▶ **TASK INSTRUCTIONS**
Without any images, write the data out exactly as it appears.

::::

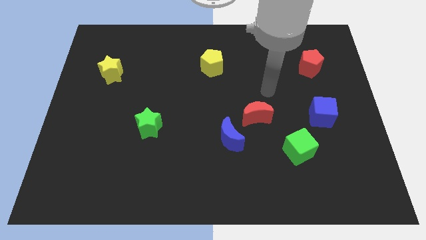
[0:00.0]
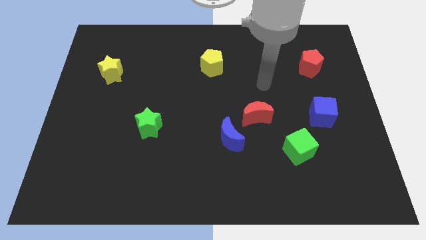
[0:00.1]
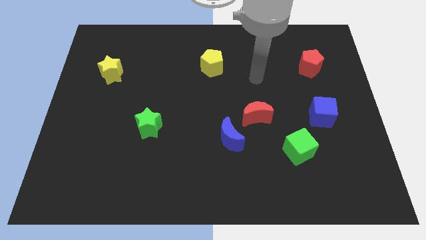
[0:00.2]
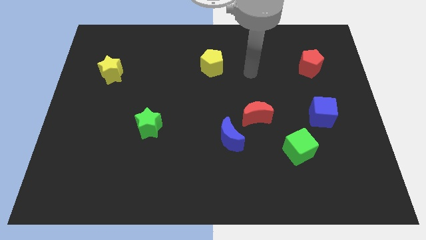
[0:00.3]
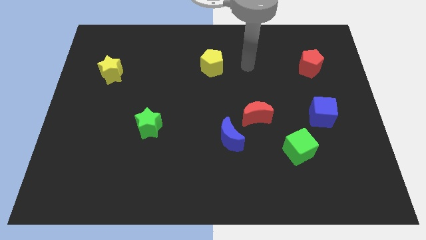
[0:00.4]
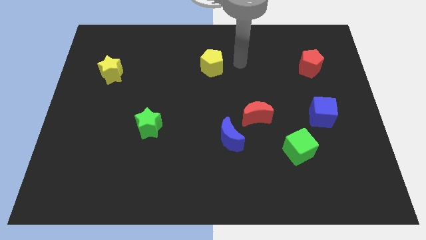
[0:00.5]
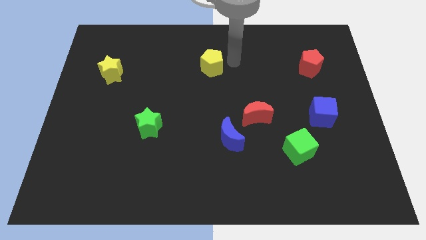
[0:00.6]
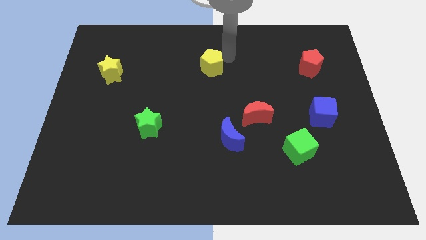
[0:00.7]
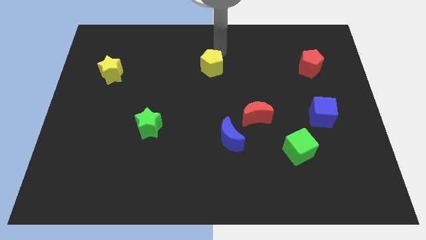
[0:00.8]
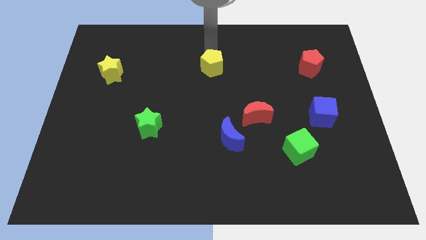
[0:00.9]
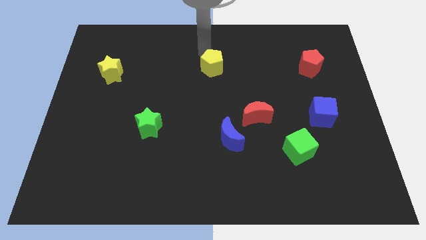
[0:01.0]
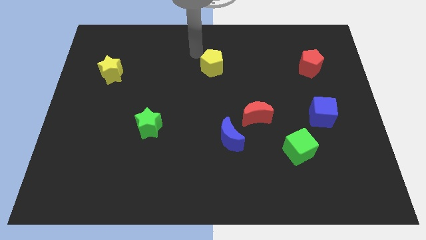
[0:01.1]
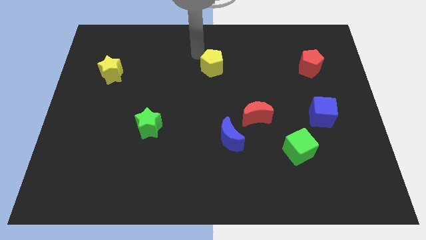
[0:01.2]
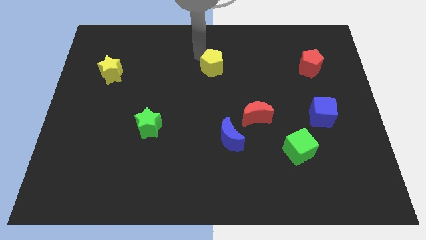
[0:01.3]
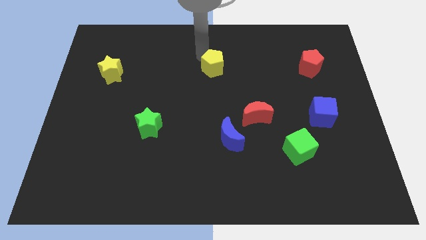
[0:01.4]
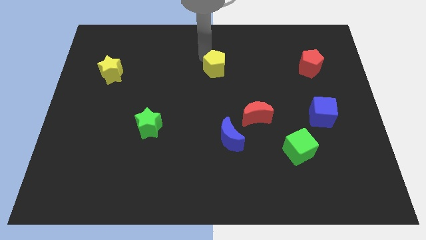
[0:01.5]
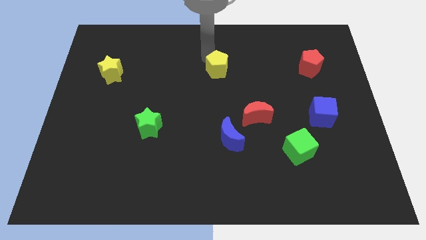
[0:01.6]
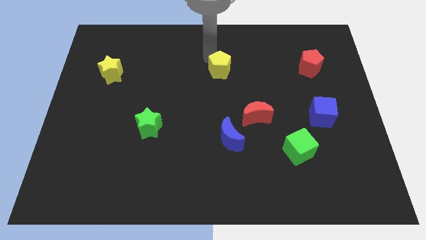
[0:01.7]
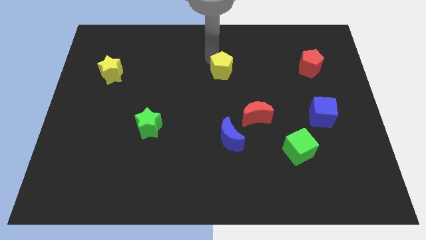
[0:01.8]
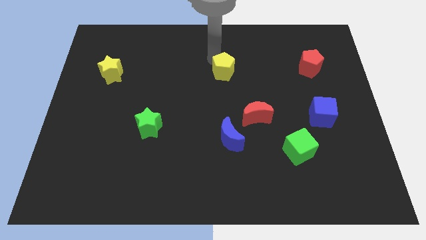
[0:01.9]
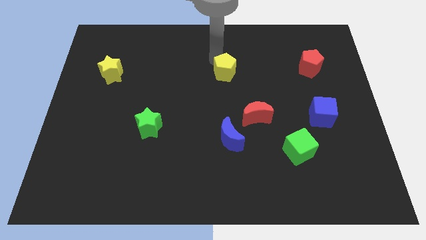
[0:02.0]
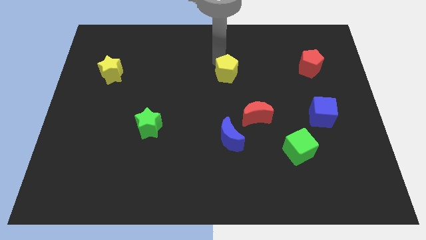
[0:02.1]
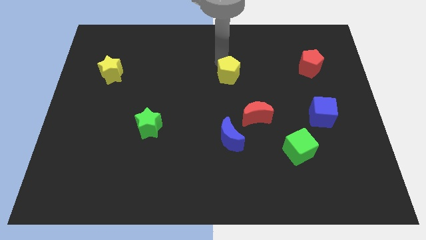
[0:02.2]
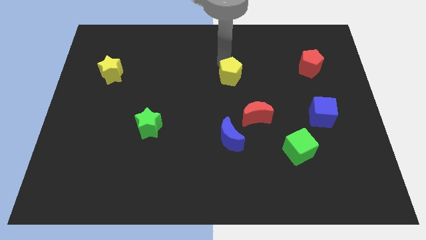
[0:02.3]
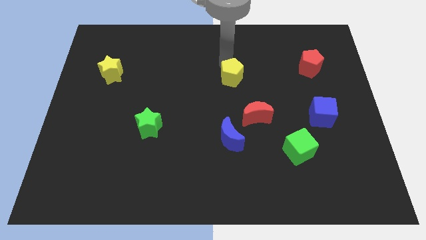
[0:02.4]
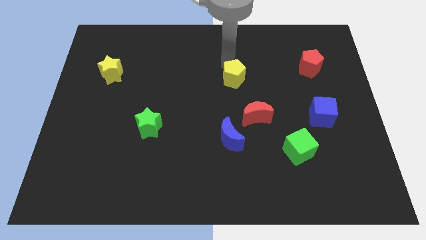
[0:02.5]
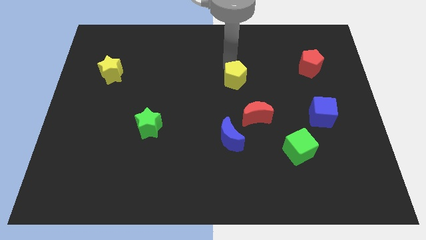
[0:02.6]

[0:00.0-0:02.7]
slide the yellow pentagon down and then right slightly

::::

▶ **ANSWER AREA**
[0:00.0]
[0:00.1]
[0:00.2]
[0:00.3]
[0:00.4]
[0:00.5]
[0:00.6]
[0:00.7]
[0:00.8]
[0:00.9]
[0:01.0]
[0:01.1]
[0:01.2]
[0:01.3]
[0:01.4]
[0:01.5]
[0:01.6]
[0:01.7]
[0:01.8]
[0:01.9]
[0:02.0]
[0:02.1]
[0:02.2]
[0:02.3]
[0:02.4]
[0:02.5]
[0:02.6]

[0:00.0-0:02.7]
slide the yellow pentagon down and then right slightly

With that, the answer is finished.